Your answer should repeat the entries in full, exactly as given, with no pictures.

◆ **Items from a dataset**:
-*-*-

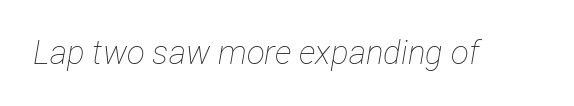
The image shows 33 px thin, condensed type, italic (leaning right); set normal letter spacing, not underlined; low stroke contrast and a medium x-height.
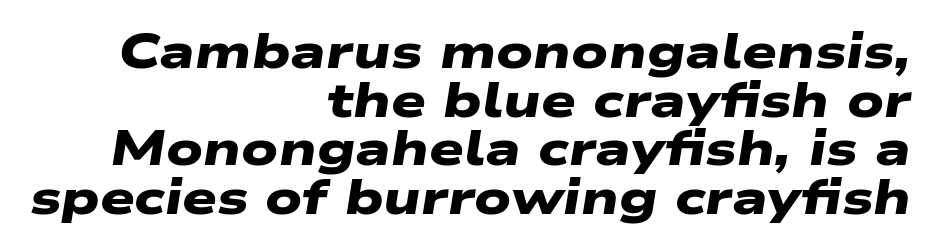
Q: Is the text bold? A: Yes.
Q: Is the typeface a serif or a sans-serif typeface? A: Sans-serif.
Q: Is the text underlined? A: No.
Q: How is the paragraph aligned? A: Right-aligned.
Q: Is the spacing between letters normal or unusually wide? A: Normal.
Q: Is the spacing between lines tight, normal or loose? A: Tight.
Q: Width (condensed, normal, or wide)? A: Wide.
Q: Stroke contrast? A: Low.
Q: x-height? A: Medium.
Q: Monospaced? A: No.
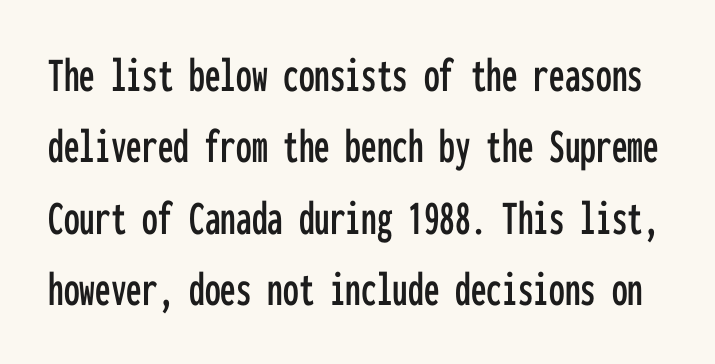
The image shows 50 px condensed sans-serif type, upright, monospaced; set normal line spacing (1.43x), normal letter spacing, not underlined; low stroke contrast and a medium x-height.
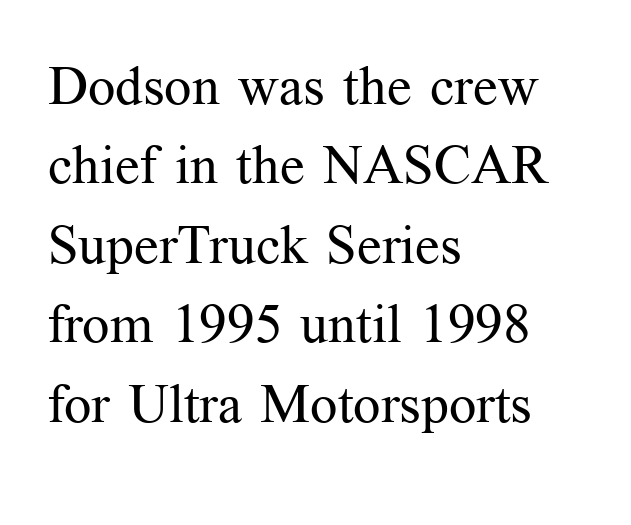
Q: Is the text bold? A: No.
Q: Is the text italic (slanted)? A: No, it is upright.
Q: Is the typeface a serif or a sans-serif typeface? A: Serif.
Q: Is the text underlined? A: No.
Q: How is the paragraph aligned? A: Left-aligned.
Q: Is the spacing between letters normal or unusually wide? A: Normal.
Q: Is the spacing between lines tight, normal or loose? A: Normal.
Q: Width (condensed, normal, or wide)? A: Normal.
Q: Stroke contrast? A: Medium.
Q: x-height? A: Medium.
Q: Monospaced? A: No.
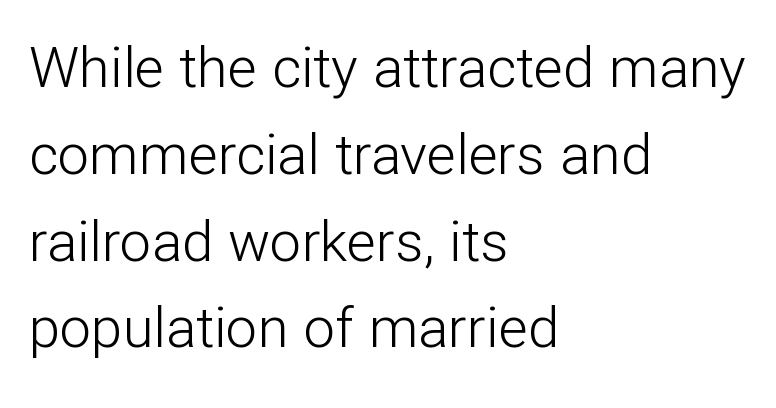
The image shows 56 px light sans-serif type, upright; set left-aligned, normal line spacing (1.55x), normal letter spacing, not underlined; low stroke contrast and a medium x-height.

-*-*-

◆ **RESULT**:
The image shows 33 px thin, condensed type, italic (leaning right); set normal letter spacing, not underlined; low stroke contrast and a medium x-height.
Q: Is the text bold? A: Yes.
Q: Is the typeface a serif or a sans-serif typeface? A: Sans-serif.
Q: Is the text underlined? A: No.
Q: How is the paragraph aligned? A: Right-aligned.
Q: Is the spacing between letters normal or unusually wide? A: Normal.
Q: Is the spacing between lines tight, normal or loose? A: Tight.
Q: Width (condensed, normal, or wide)? A: Wide.
Q: Stroke contrast? A: Low.
Q: x-height? A: Medium.
Q: Monospaced? A: No.
The image shows 50 px condensed sans-serif type, upright, monospaced; set normal line spacing (1.43x), normal letter spacing, not underlined; low stroke contrast and a medium x-height.
Q: Is the text bold? A: No.
Q: Is the text italic (slanted)? A: No, it is upright.
Q: Is the typeface a serif or a sans-serif typeface? A: Serif.
Q: Is the text underlined? A: No.
Q: How is the paragraph aligned? A: Left-aligned.
Q: Is the spacing between letters normal or unusually wide? A: Normal.
Q: Is the spacing between lines tight, normal or loose? A: Normal.
Q: Width (condensed, normal, or wide)? A: Normal.
Q: Stroke contrast? A: Medium.
Q: x-height? A: Medium.
Q: Monospaced? A: No.
The image shows 56 px light sans-serif type, upright; set left-aligned, normal line spacing (1.55x), normal letter spacing, not underlined; low stroke contrast and a medium x-height.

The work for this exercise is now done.